Joven, rico y musulmán es el nuevo presidente de El Salvador

Nayib Bukele es un joven empresario de 37 años, multimillonario, que se postuló por una coalición de centro derecha llamada GANA, Gran Alianza para la Unidad Nacional y logró evitar la segunda ronda superando el 50% de los votos. El modelo se repite en varios países latinoamericanos. El Estado en mano de ‘hombres de negocios’, ajenos a los partidos tradicionales. En el caso de El Salvador, desde el final de la guerra civil en el 2012, hubo dos contrincantes fuertes: ARENA por la derecha, y el FMLN por la izquierda. Romper el bipartidismo fue su caballito de batalla.
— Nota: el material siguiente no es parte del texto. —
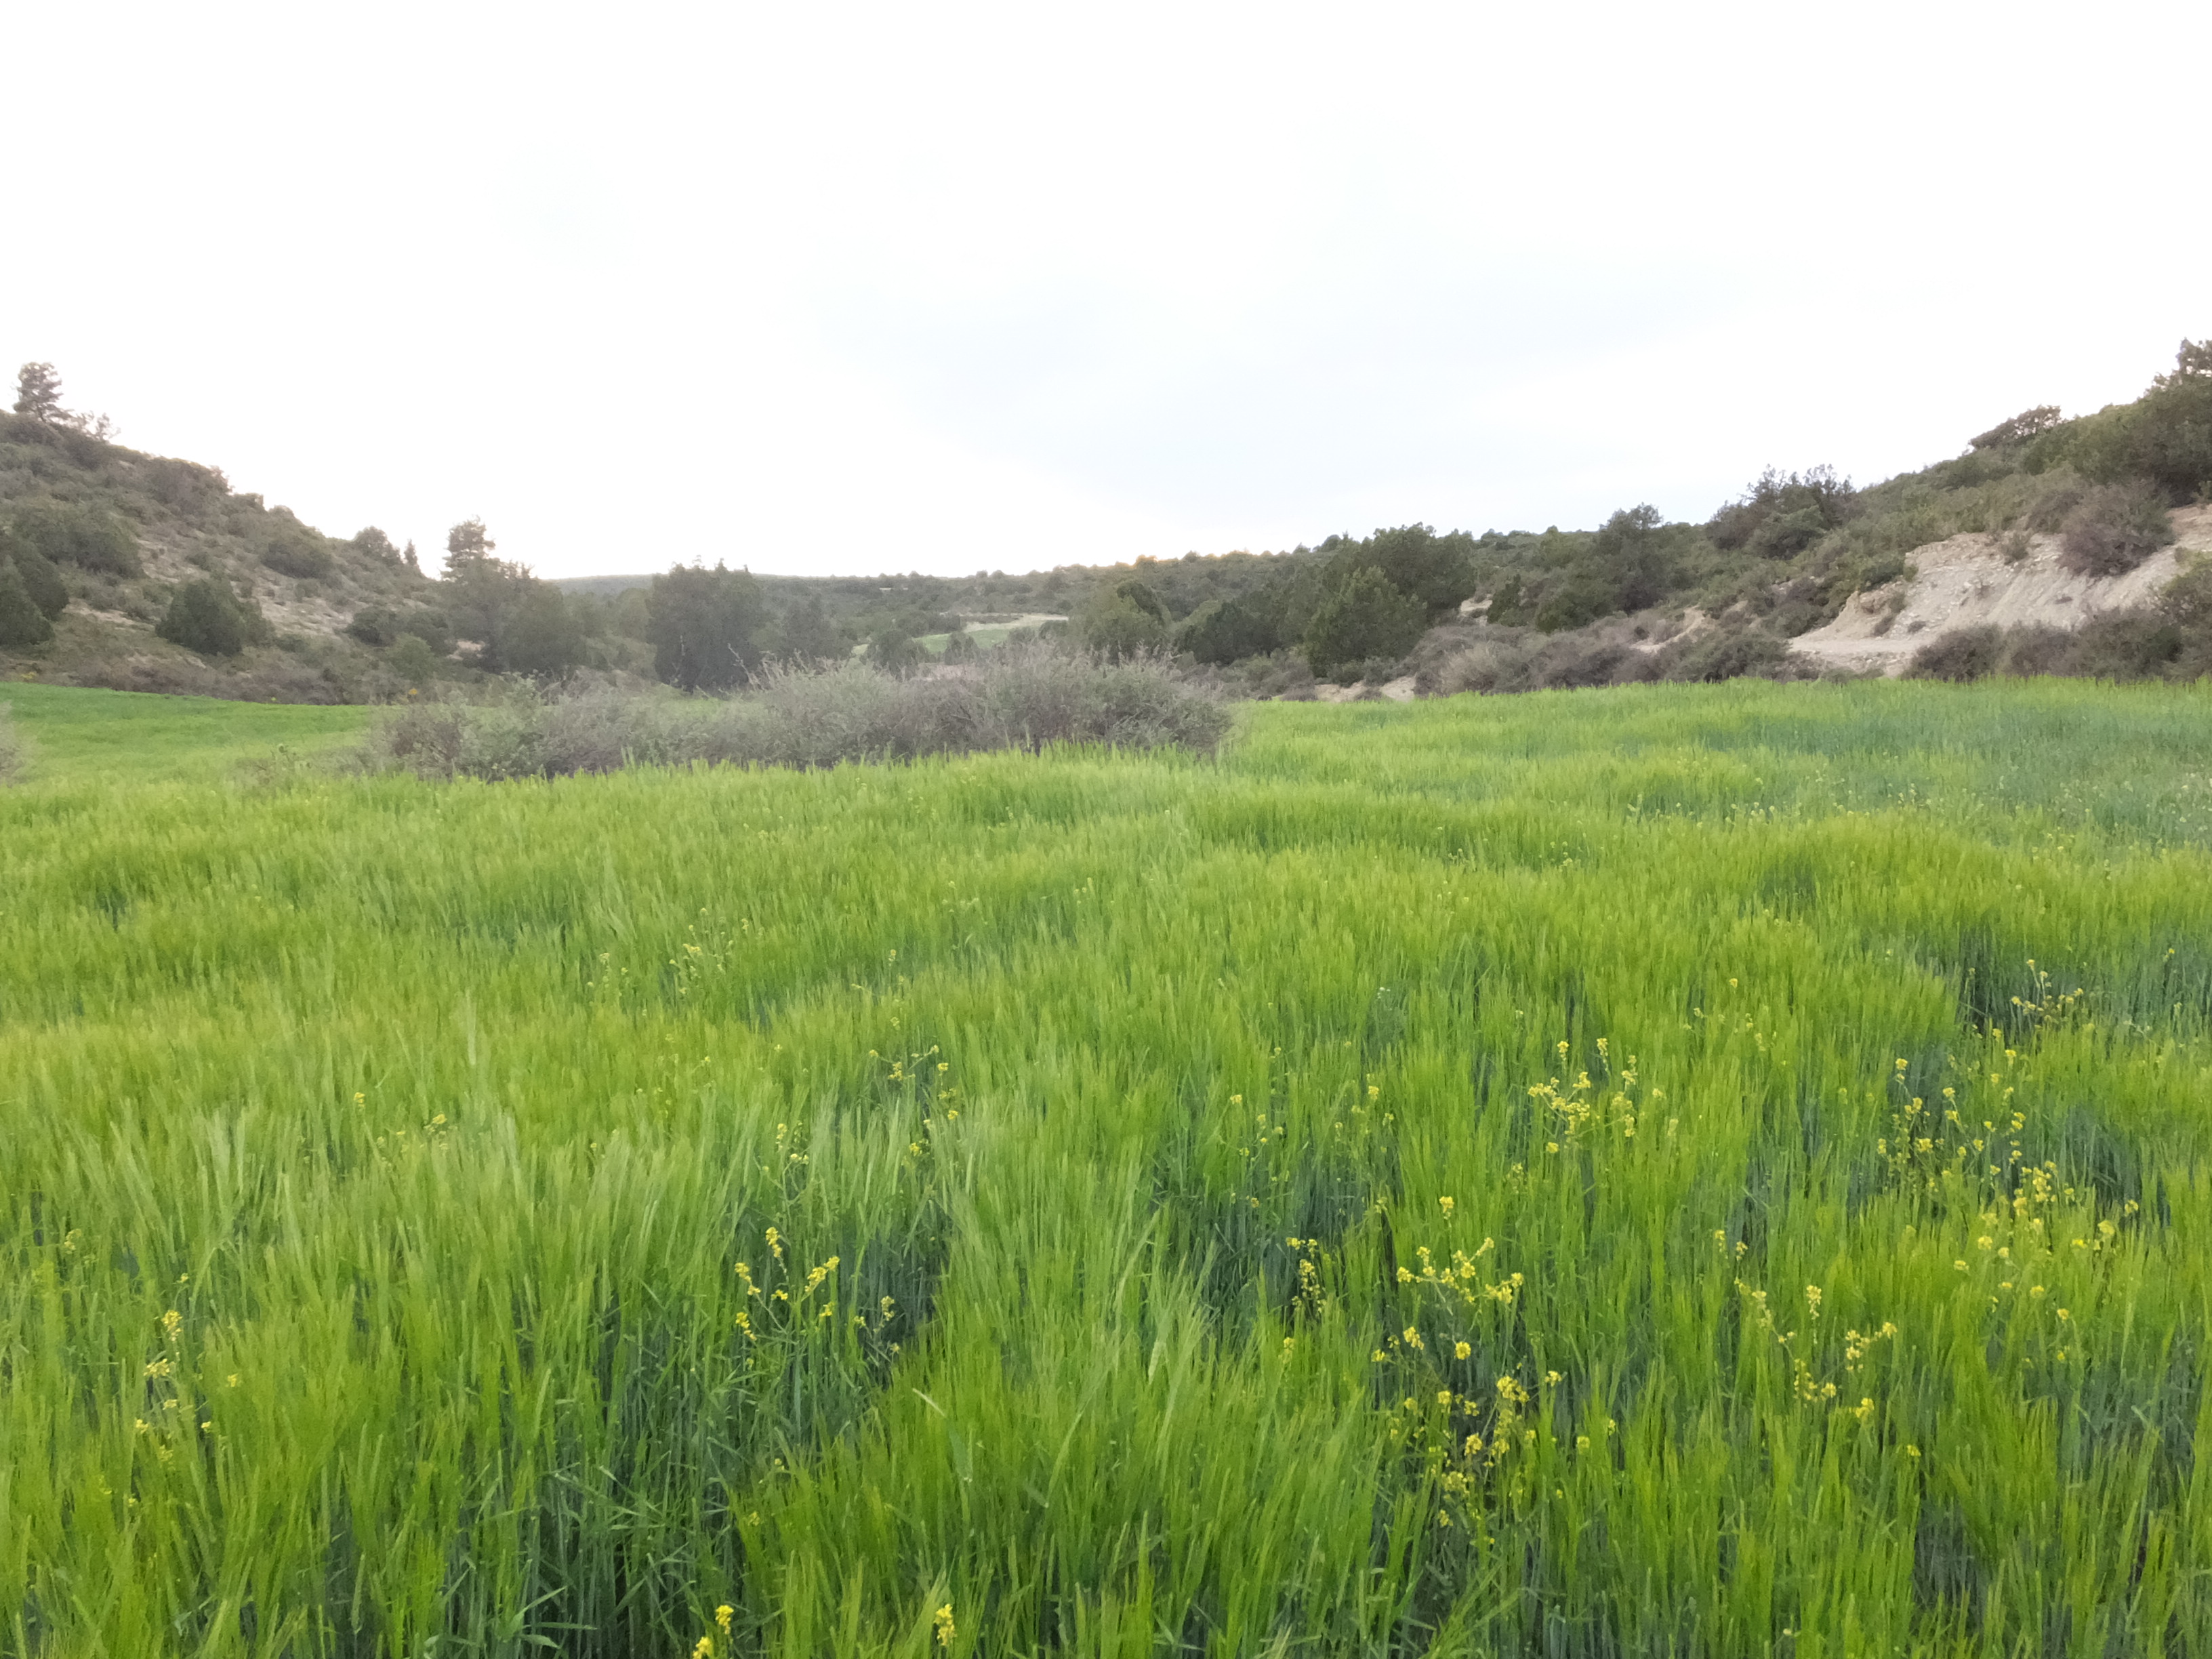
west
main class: Cropland
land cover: Barley
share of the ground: > 75 %
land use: Agriculture (excluding fallow land and kitchen gardens)
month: April
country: ES
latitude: 41.6585
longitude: -0.2610

Con relación a la política regional, ya adelantó su oposición a Nicolás Maduro en Venezuela. 

La revelación política salvadoreña tuvo una carrera meteórica desde el fin de la guerra. Por entonces tenía 31 años y era elegido alcalde de Nuevo Cusclatán. Tres años después lograba la alcaidía de la capital San Salvador. No impactó en el resultado la denuncia hecha por un periódico local en el 2015 sobre un supuesto acuerdo con varias pandillas quienes a cambio del pago correspondiente se comprometieron a votar a Bukele como alcalde de San Salvador. En su momento lo negó pero sostuvo que no se podía gobernar sin la aprobación de las pandillas.

La últimas elecciones nacionales fueron precedidas por grandes escándalos de corrupción, y la inveterada violencia en las calles por causa de ‘pandilleros’ que han hecho propios los territorios y son una de las mayores razones de la migración del país. 

 

Bukele es hijo de un musulmán originario de Belén, Cisjordania, quien impulsó en su momento una de las primeras mezquitas en América Latina. La comunidad islámica de El Salvador salió a votar en bloque por el candidato que, según ellos, mejor los representaba por los valores religiosos que profesa.